I was reminded recently of a show I caught years ago on Animal Planet about the Ugly Dog Contest. I was talking to someone about it the other day, and it really hit home what that show had taught me.

There is apparently an annual Ugly Dog Contest, held each year in California, to benefit animal welfare organizations, where owners bring their not-so-attractive pups to compete. Because I was reminded of the show and we have Google, I naturally looked it up. It is, indeed, still (or was prior to COVID) taking place in California. There are photos of these pups online and let me tell you, it’s quite a motley crew each year.

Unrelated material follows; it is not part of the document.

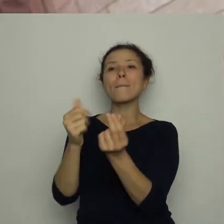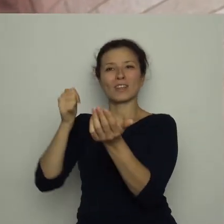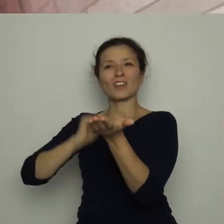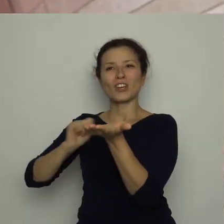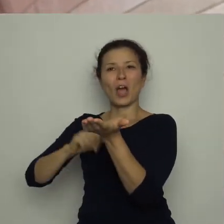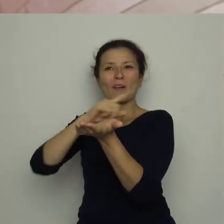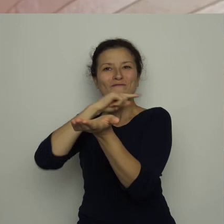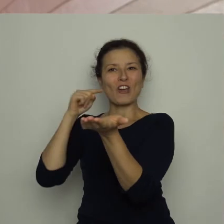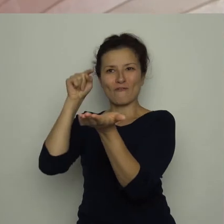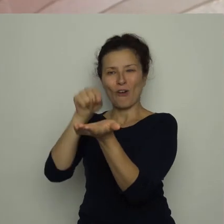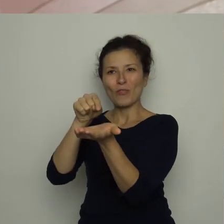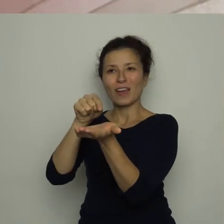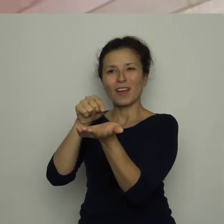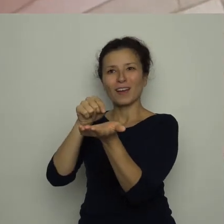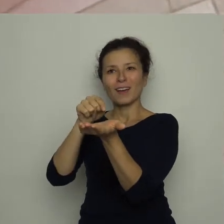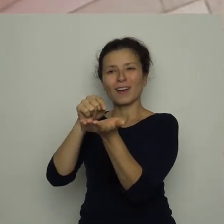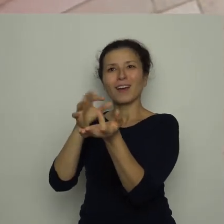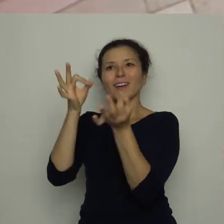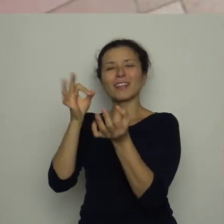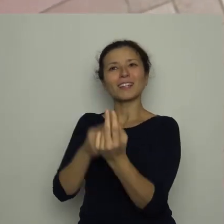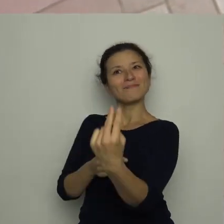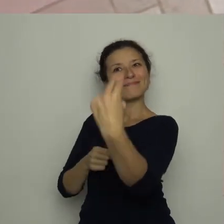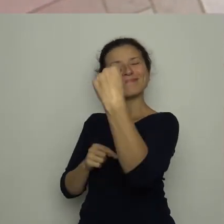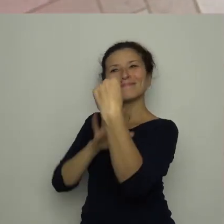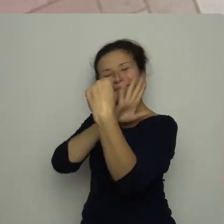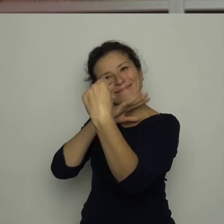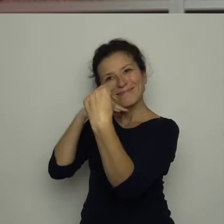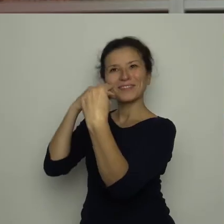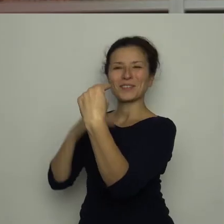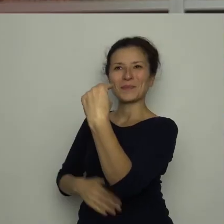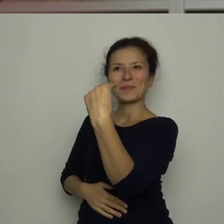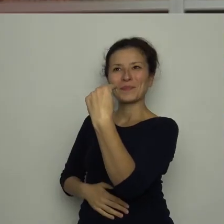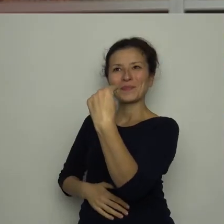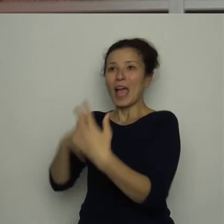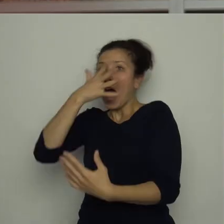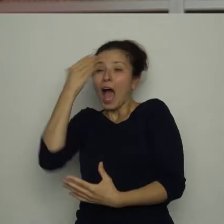która teraz zdawała się miło do niego uśmiechać. Antoś schrupał ją czym prędzej.

Most of the breeds are your standard, what non-dog-lovers would call “what-in-the-world-are-they?” bunch, like Chinese Crested – no hair, except for a couple of tufts on the head, tail and feet; Shar Pei, the wrinkled to all get-out dogs; and the smashed-faced fellows, like Bulldogs and Pugs and some Boston Terriers.

Some of these pups even had their tongues sticking out the sides of their mouths – that painted quite a picture, let me tell you. Did you know that the hairless breeds have the tendency to develop dental issues? I sure didn’t. Apparently the lack of fur can cause genetic problems, like fewer teeth, which sometimes will make their tongues stick out because there’s nothing to hold them in.

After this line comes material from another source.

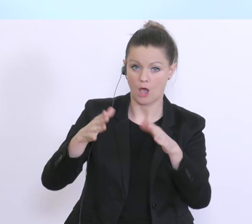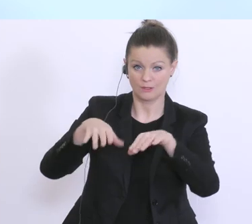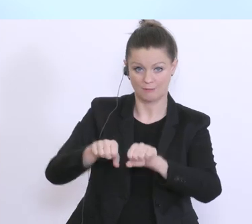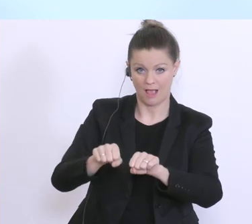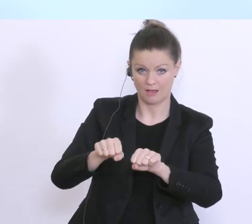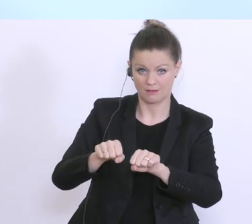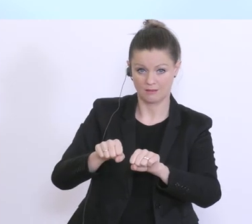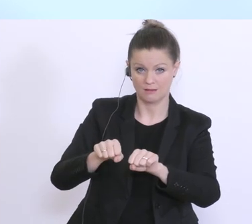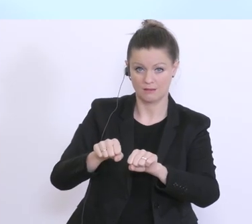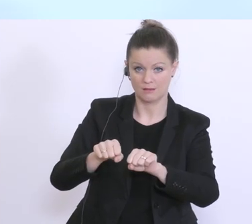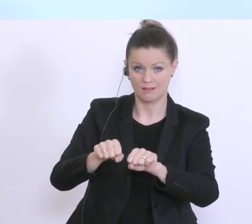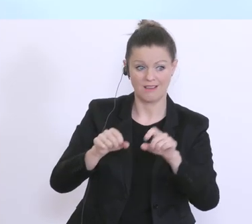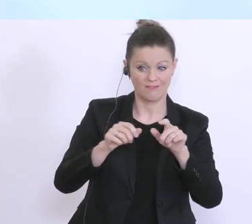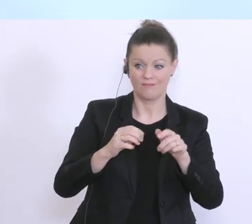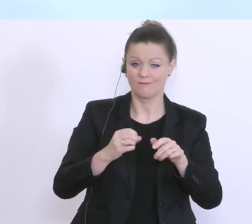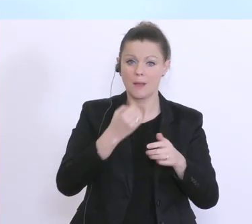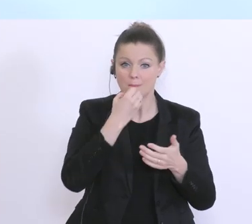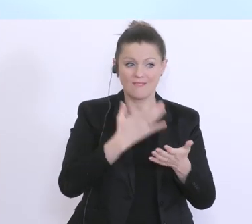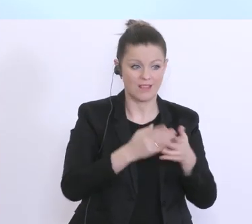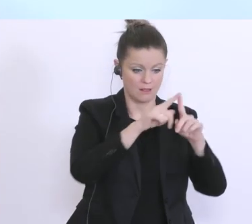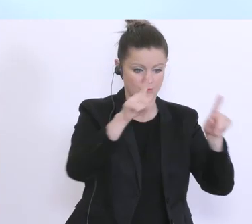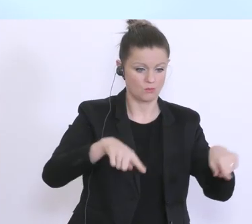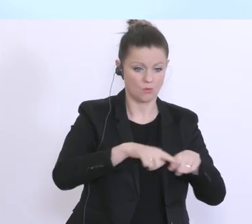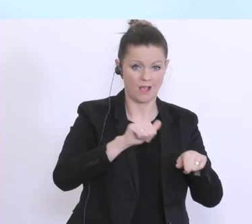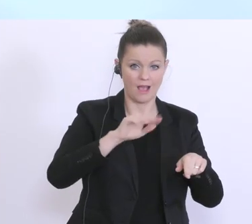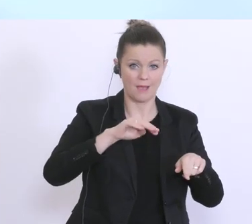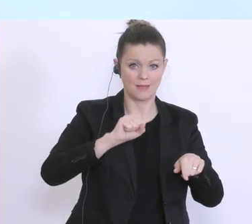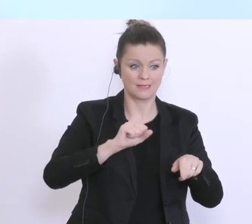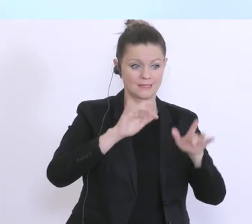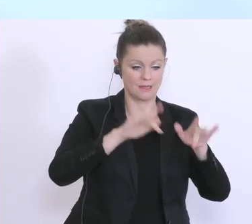AMS bewilligten Antrags, eine entsprechende Überbrückungsfinanzierung sehr, sehr schnell.

It’s amazing what you can learn from basic cable (at least if you’re on the right channel, anyway).

The thing about this contest, though, and it’s what I talked to my friend about, is I didn’t really think the contestants were all that “ugly.” I mean, what is ugly? Who determines it? What are the qualifications?

If you ask me, ugly is more of a term for behavior than looks, anyway. Some people and animals I know wouldn’t win any traditional beauty contests, but to me, they are and always will be absolutely stunning because of what’s on the inside. You know what I mean?

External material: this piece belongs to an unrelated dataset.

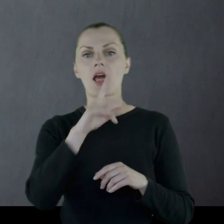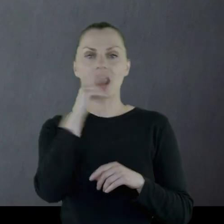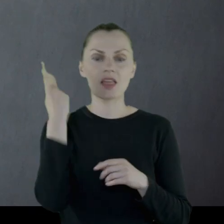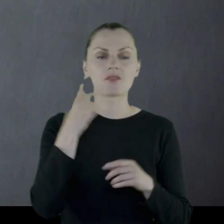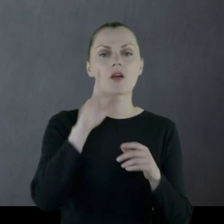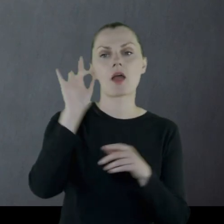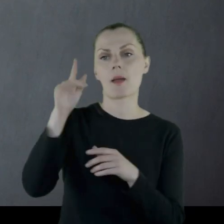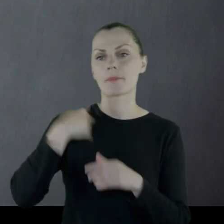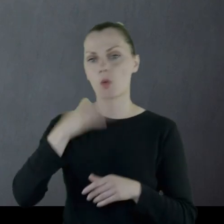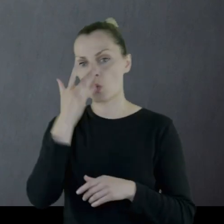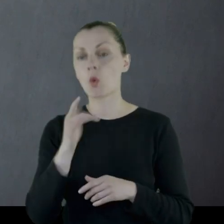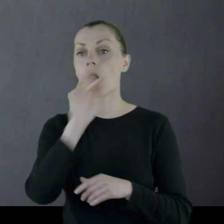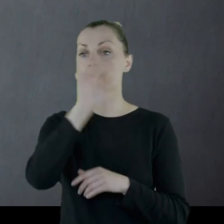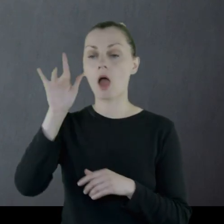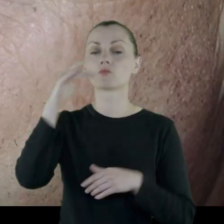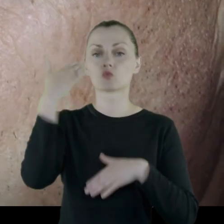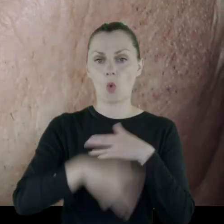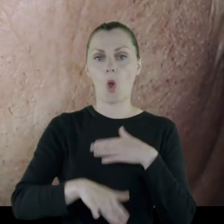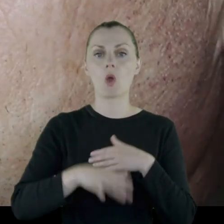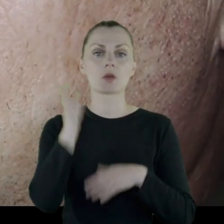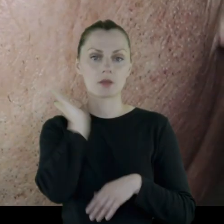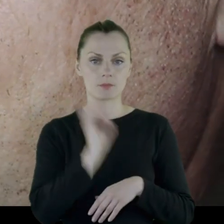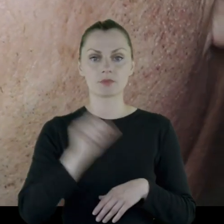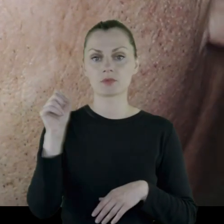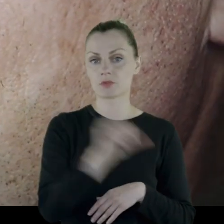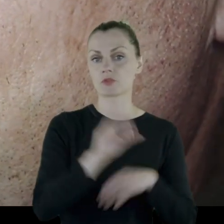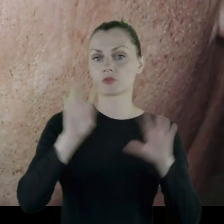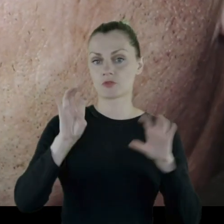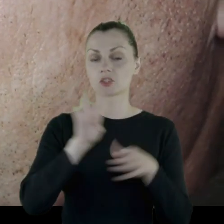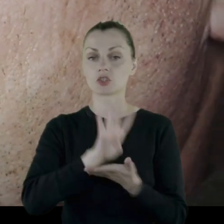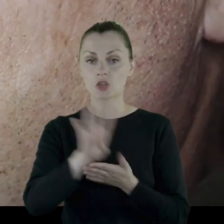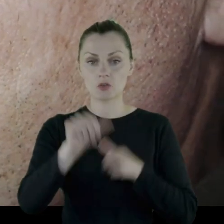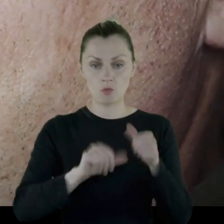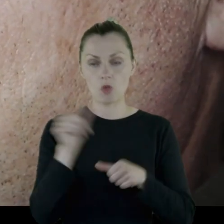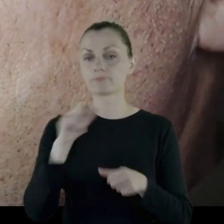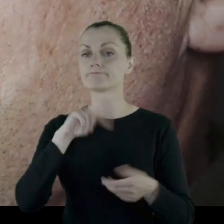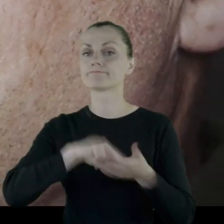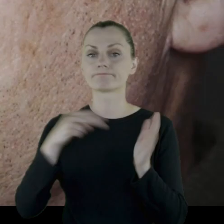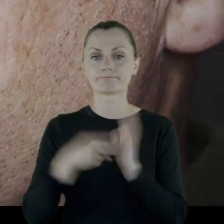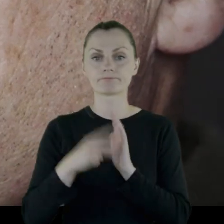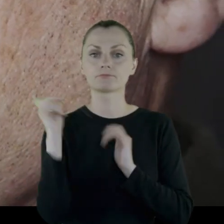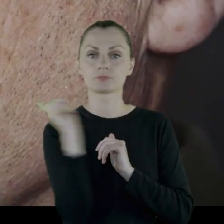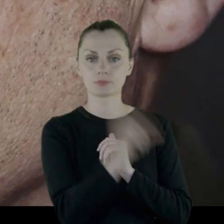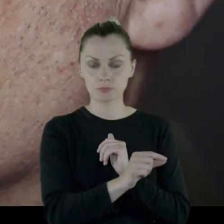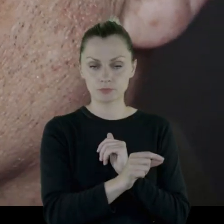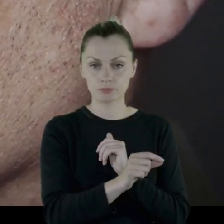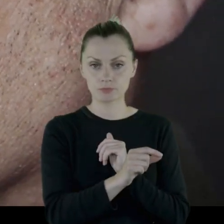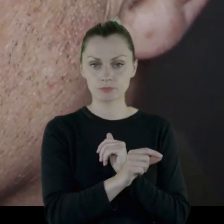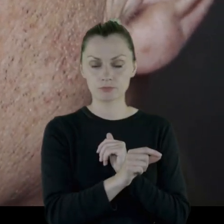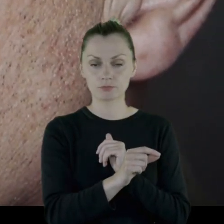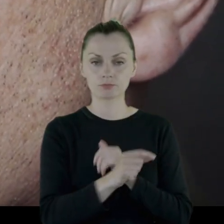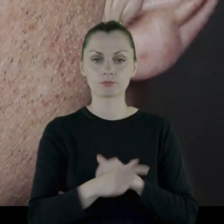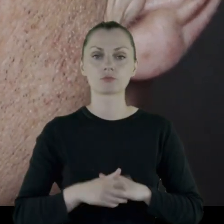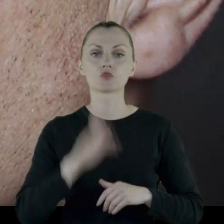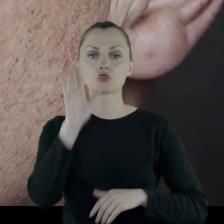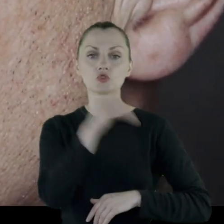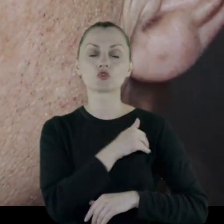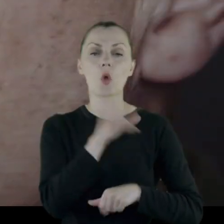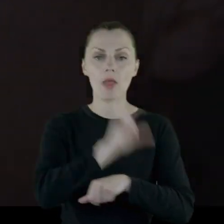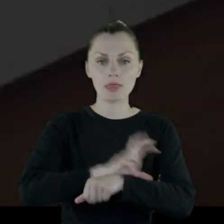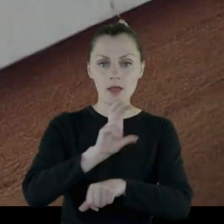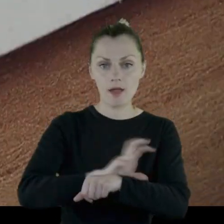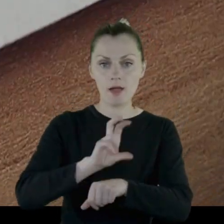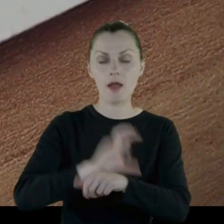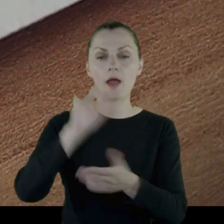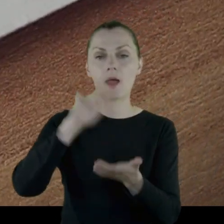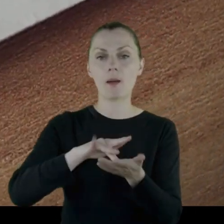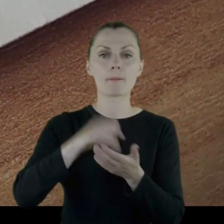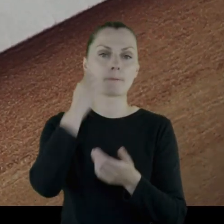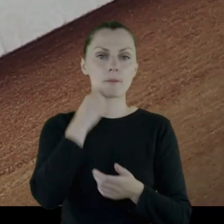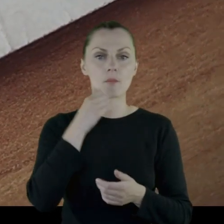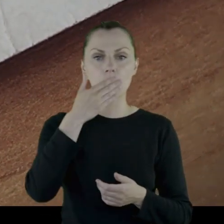Tam skończył gimnazjum w 1914 roku i zamierzał pójść do szkoły technicznej w Moskwie.

We had a Chihuahua come into the shelter – man, this was years ago, now – who looked like a train wreck. No hair at all from his front shoulders back and this rough, coarse hair from his front shoulders forward. Really, the poor guy resembled more of a rat than a dog, if I’m being frank.

Well, this little squirt stole all the hearts around here. He was the dearest soul. Cute, funny, great personality. Once people looked past the exterior, they saw it, too. Needless to say, he got adopted relatively quickly.

We’ve had terriers missing teeth with their tongues hanging out, but they give the same kisses as any other dog.

We’ve had dogs with a missing eye, but they still can look at you with a whole lot of love.

Ugliness, like beauty, really is in the eye of the beholder, and sometimes, to find either, I think you have to go deeper than the surface.

If you want a real lesson on ugly, Google The Integrity of Ugly. It’s a story about a neighborhood tom cat. Be warned, though: you better have a box of tissues handy. That one is a real tear-jerker.


I remember on the Animal Planet show from years ago, one of the “ugly dogs” visited a school, where the children were able to interact with him, drawing pictures and generally having a great time.

One of the students was on camera saying, “I don’t think he’s ugly. I think he’s beautiful.” What a fantastic lesson to teach children – and maybe, that’s the whole point of the “Ugly Dog” contest.

Maybe, even though the title sounds offensive and you think, oh you shouldn’t say that about those dogs, maybe the whole point is to question the definition of ugly. Maybe it’s a way to get the world to look past the idea of what’s on the outside to see the heart and true attractiveness beneath.

Maybe beauty doesn’t mean straight teeth or shiny hair or perfect eyes or flawless skin. Maybe real beauty, true loveliness, can be found in having the right attitude, the capacity to love, the ability to take what may be seen as imperfections and embrace them, make them something to be proud of – to really be okay with yourself.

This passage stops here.